Hacker News new | ask | show | jobs
by vaibhavsagar 1481 days ago
Doing a hashmap lookup is already very much like using a bloom filter: for any addressing scheme, if an element exists at a particular location, then either the key exists or it's a false positive. If no element exists, then there's no way the key exists. Adding an extra bloom filter would then come down to trading off space usage against a different probability of false positives, in addition to an extra lookup, and I think one would have to contrive an extremely unlikely scenario for it to make sense.
1 comments

Sometimes "Does anything in this category exist?" is constantly needed and must be as fast as possible - especially if the answer is often "No", while "What is it exactly?" is more rarely needed and it's OK that it's slower.

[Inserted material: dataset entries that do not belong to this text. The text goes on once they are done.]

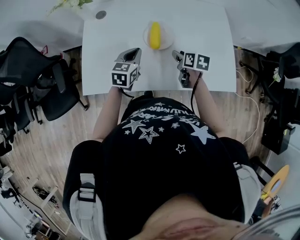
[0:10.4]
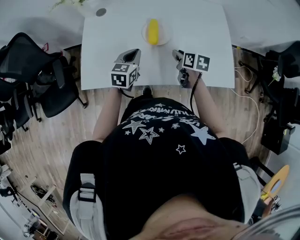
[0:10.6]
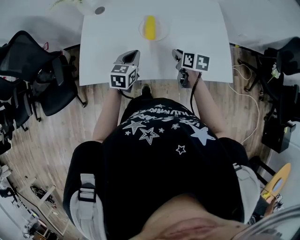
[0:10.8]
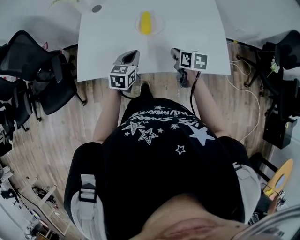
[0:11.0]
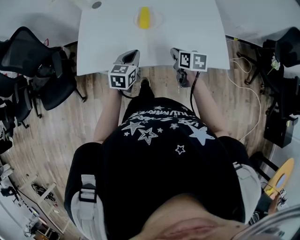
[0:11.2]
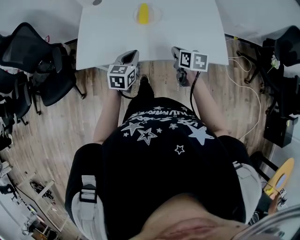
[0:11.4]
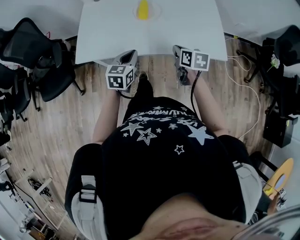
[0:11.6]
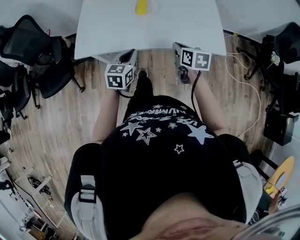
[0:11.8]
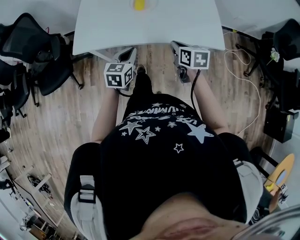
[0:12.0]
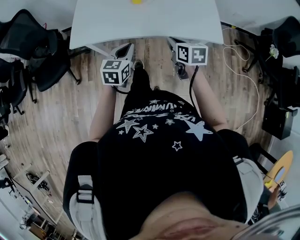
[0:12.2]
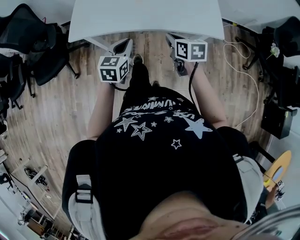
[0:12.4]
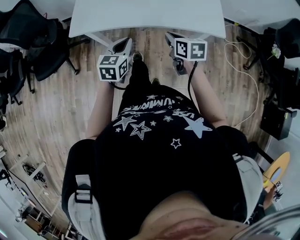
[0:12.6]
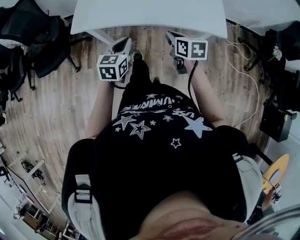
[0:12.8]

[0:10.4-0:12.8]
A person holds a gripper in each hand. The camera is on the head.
0:10.4 to 0:11.6: The left gripper moves roughly 20 cm.
0:11.6 to 0:12.8: The left gripper moves about 10 cm.

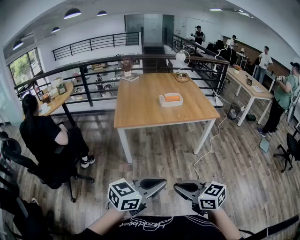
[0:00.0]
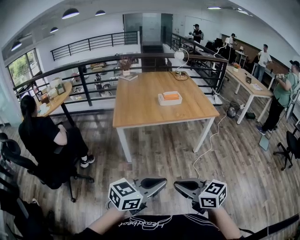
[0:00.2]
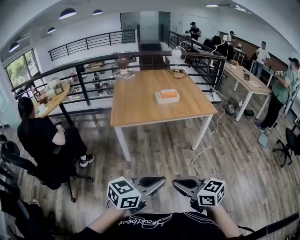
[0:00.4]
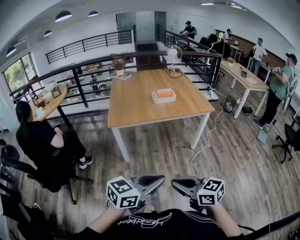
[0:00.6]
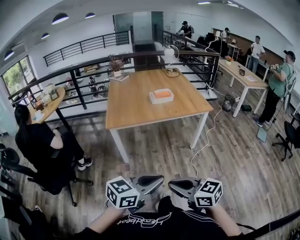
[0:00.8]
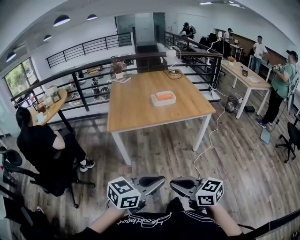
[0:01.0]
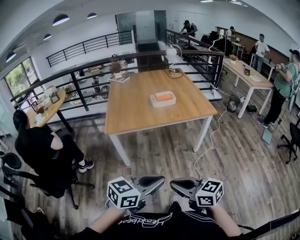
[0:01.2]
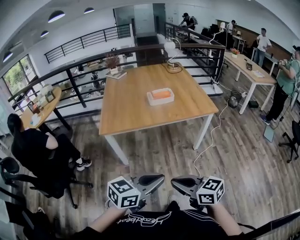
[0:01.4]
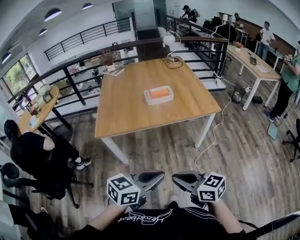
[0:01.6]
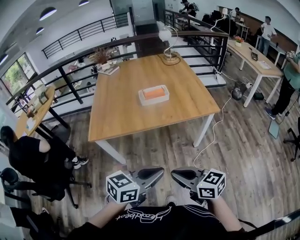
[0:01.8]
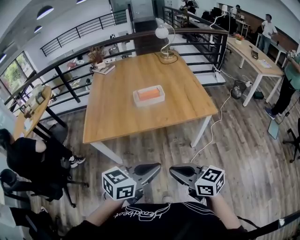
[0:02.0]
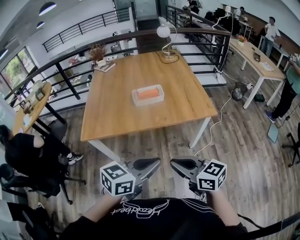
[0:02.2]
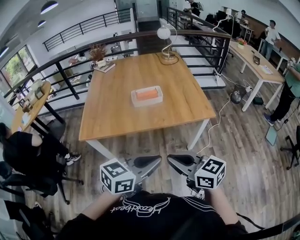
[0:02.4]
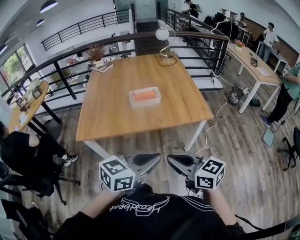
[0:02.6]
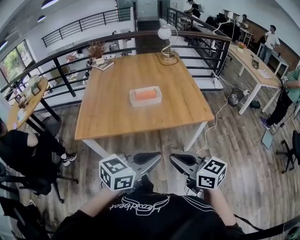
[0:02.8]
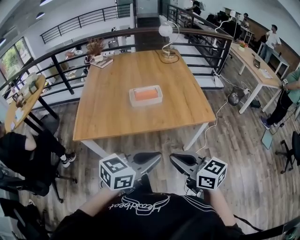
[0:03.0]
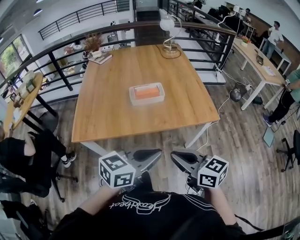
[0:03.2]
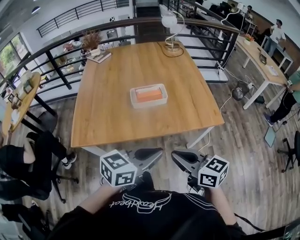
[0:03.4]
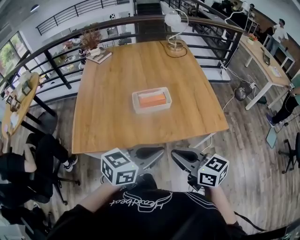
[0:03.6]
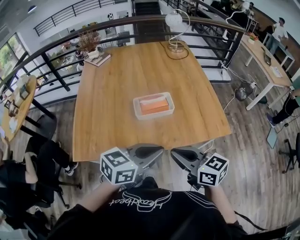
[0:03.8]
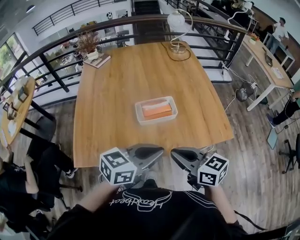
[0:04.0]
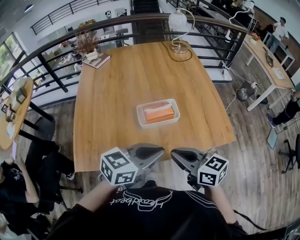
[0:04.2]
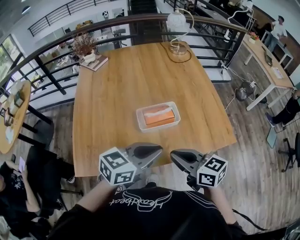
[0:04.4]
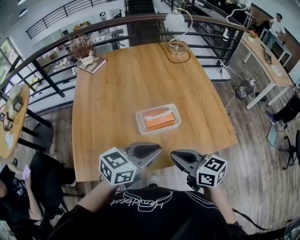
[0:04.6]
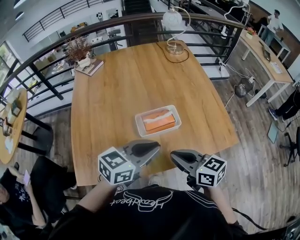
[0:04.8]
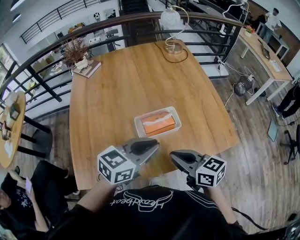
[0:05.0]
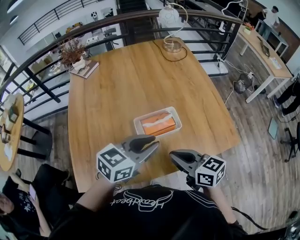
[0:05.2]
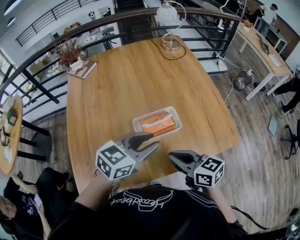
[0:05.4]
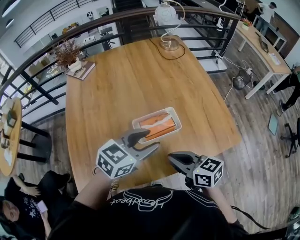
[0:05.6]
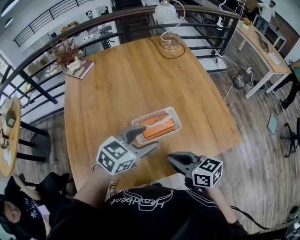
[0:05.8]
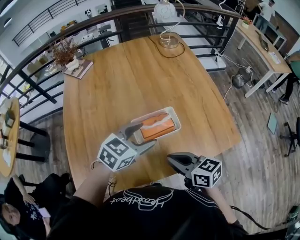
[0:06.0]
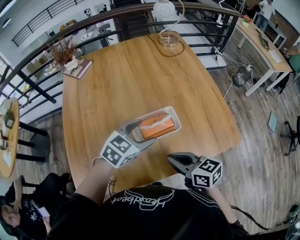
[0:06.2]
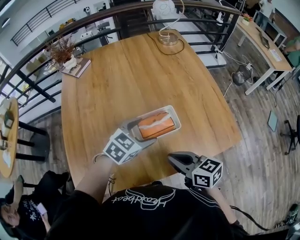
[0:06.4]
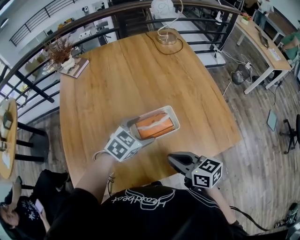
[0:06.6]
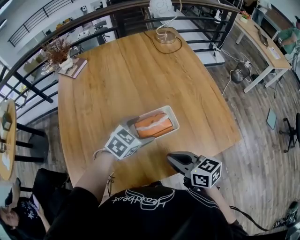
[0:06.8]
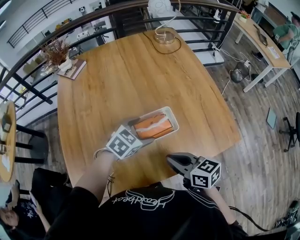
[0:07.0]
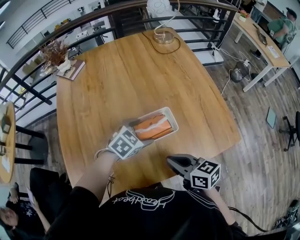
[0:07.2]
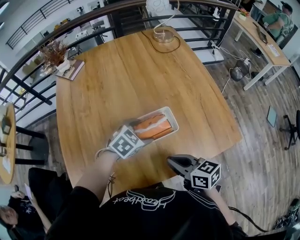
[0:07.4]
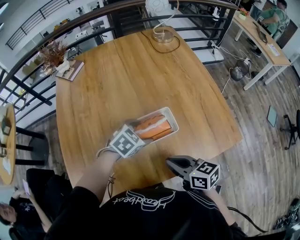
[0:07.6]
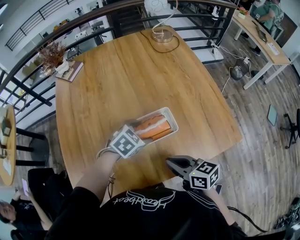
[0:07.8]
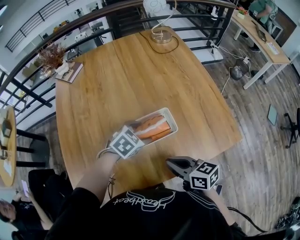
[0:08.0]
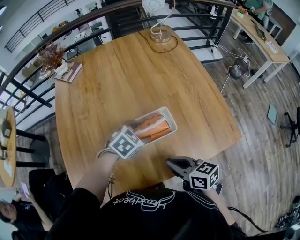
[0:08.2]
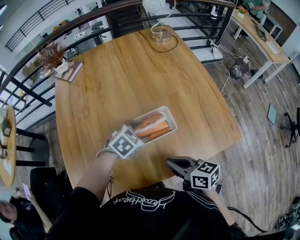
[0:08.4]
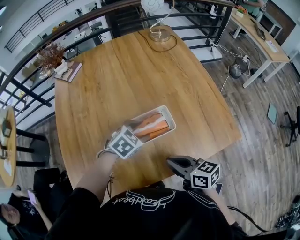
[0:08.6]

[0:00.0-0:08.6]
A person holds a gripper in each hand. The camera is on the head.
0:00.0 to 0:01.4: Both grippers travel together forward and to the right, some 20 cm.
0:01.4 to 0:02.8: Both grippers travel together forward and to the right, about 30 cm.
0:02.8 to 0:04.4: Both grippers move forward, about 35 cm.
0:04.4 to 0:05.8: The left gripper travels forward and downward by about 15 cm, and opens its fingers. The right gripper moves forward and downward, some 10 cm.
0:05.8 to 0:07.2: The left gripper is displaced downward and forward by roughly 15 cm, swivels approximately 20 degrees, and opens.
0:07.2 to 0:08.6: The grippers make only small movements.

The Bloom filter gives you quick "No" answers for much less size than a hash table, in exchange for not being able to answer the second question at all.

We built distributed database software, years ago when 40GB was a lot of data, and that used Bloom filters so that if you asked "Show me everything about vaibhavsagar, tialaramex, dang, and celeritascelery" it could do a Bloom filter check, identify that there isn't any data about celeritascelery and dang and immediately cut in half the work to be done, before going to the disk to pull in actual hash tables where records for tialaramex and vaibhavsagar would exist if the positive from the Bloom filter wasn't a false positive.

The UX is nice too because it can make typos instant. For every municipality in Texas, show me the CesusCount. Instant zero records. Oh, right, not CesusCount I wanted CensusCount with an N.